Results: Relationships between specific determinants of health and maternal and newborn health needs were identified in the initial quantitative analysis and used to inform data collection and discussions in the qualitative phase. In the advanced analysis, a number of predictors (rurality, maternal education, maternal race/ethnicity and income) associated with a broad definition of health were found to increase maternal and newborn health needs. The needs varied in each phase of perinatal care---prenatal, intrapartum and postpartum/postnatal.  Qualitative analysis identified that women, health leaders and providers recognize a lack of patient-centredness in our current system influenced by differing philosophical approaches, professionalization and health care funding models as well as a need for interprofessional and full scope practice. Qualitative findings contextualized and humanized the experiences of women, health care providers and health leaders while the quantitative analysis provided statistically significant and generalizable findings. Together, the integrated findings provided a comprehensive understanding of maternal and newborn health needs. 

Nurses in both public health and acute care as well as those in leadership positions were included as participants in this study.  Participants from all groups—health leaders, health care providers (nurses, midwives and physicians) and women provided examples of various ways in which nurses were and were not meeting the primary maternity health care needs of women and newborns in Nova Scotia.  Therefore, the findings from this study support the need for ongoing support for nursing practice that is patient/woman-centered and that considers all the factors and determinants that influence the health of women and newborns. Moreover, participants in the study shared strategies that can be used for enhanced perinatal nursing practice.
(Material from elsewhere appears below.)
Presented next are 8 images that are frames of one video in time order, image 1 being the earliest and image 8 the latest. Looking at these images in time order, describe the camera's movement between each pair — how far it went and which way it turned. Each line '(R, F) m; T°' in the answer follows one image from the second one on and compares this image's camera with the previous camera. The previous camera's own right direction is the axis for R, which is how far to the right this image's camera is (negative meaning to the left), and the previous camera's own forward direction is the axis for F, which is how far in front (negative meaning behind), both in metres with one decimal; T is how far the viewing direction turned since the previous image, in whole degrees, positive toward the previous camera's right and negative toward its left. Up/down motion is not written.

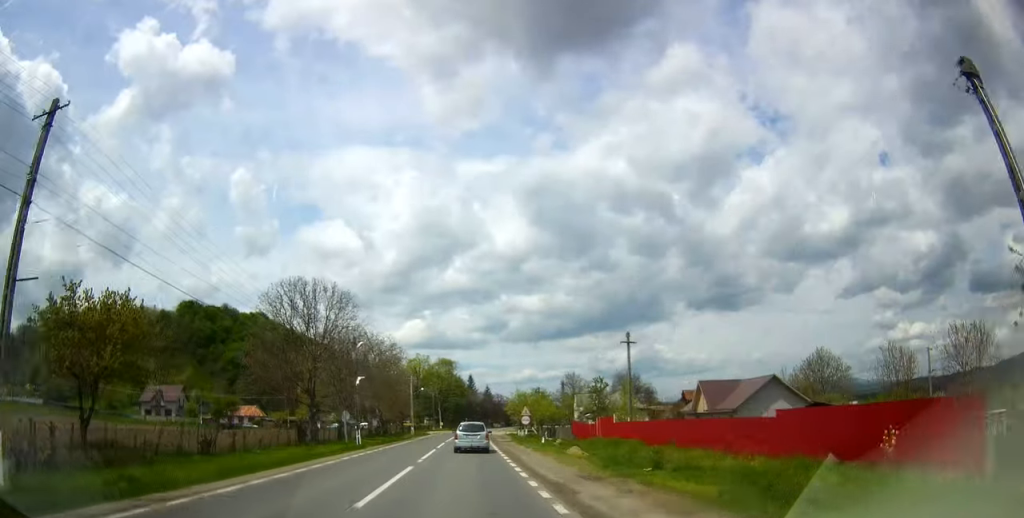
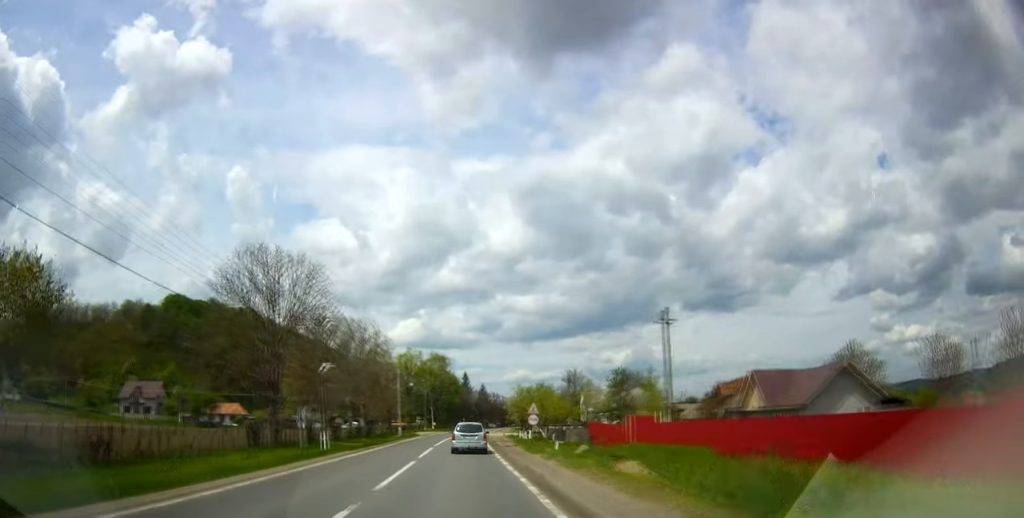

The methods used and the findings from this study also highlight the need for improvements in how we measure health and health needs to inform how we design health human resources and deliver primary maternity health care.

Conclusion: It is anticipated that the integrated findings from this research will inform health human resources and primary maternity health care planning in Nova Scotia by identifying the health needs of women and newborns and in turn, informing different maternal and newborn care delivery models.  From a nursing perspective, participants identified strategies to improve the care of women and newborns. Such strategies included recommendations to enhance relational and culturally competent and safe care as well as for collaborative practice models that support and/or expand nurses’ scope of practice. Practicing to full scope and being engaged with their health colleagues, increases nurses’ autonomy, improves nurses’ satisfaction with practice and has the potential to increase nursing recruitment and retention.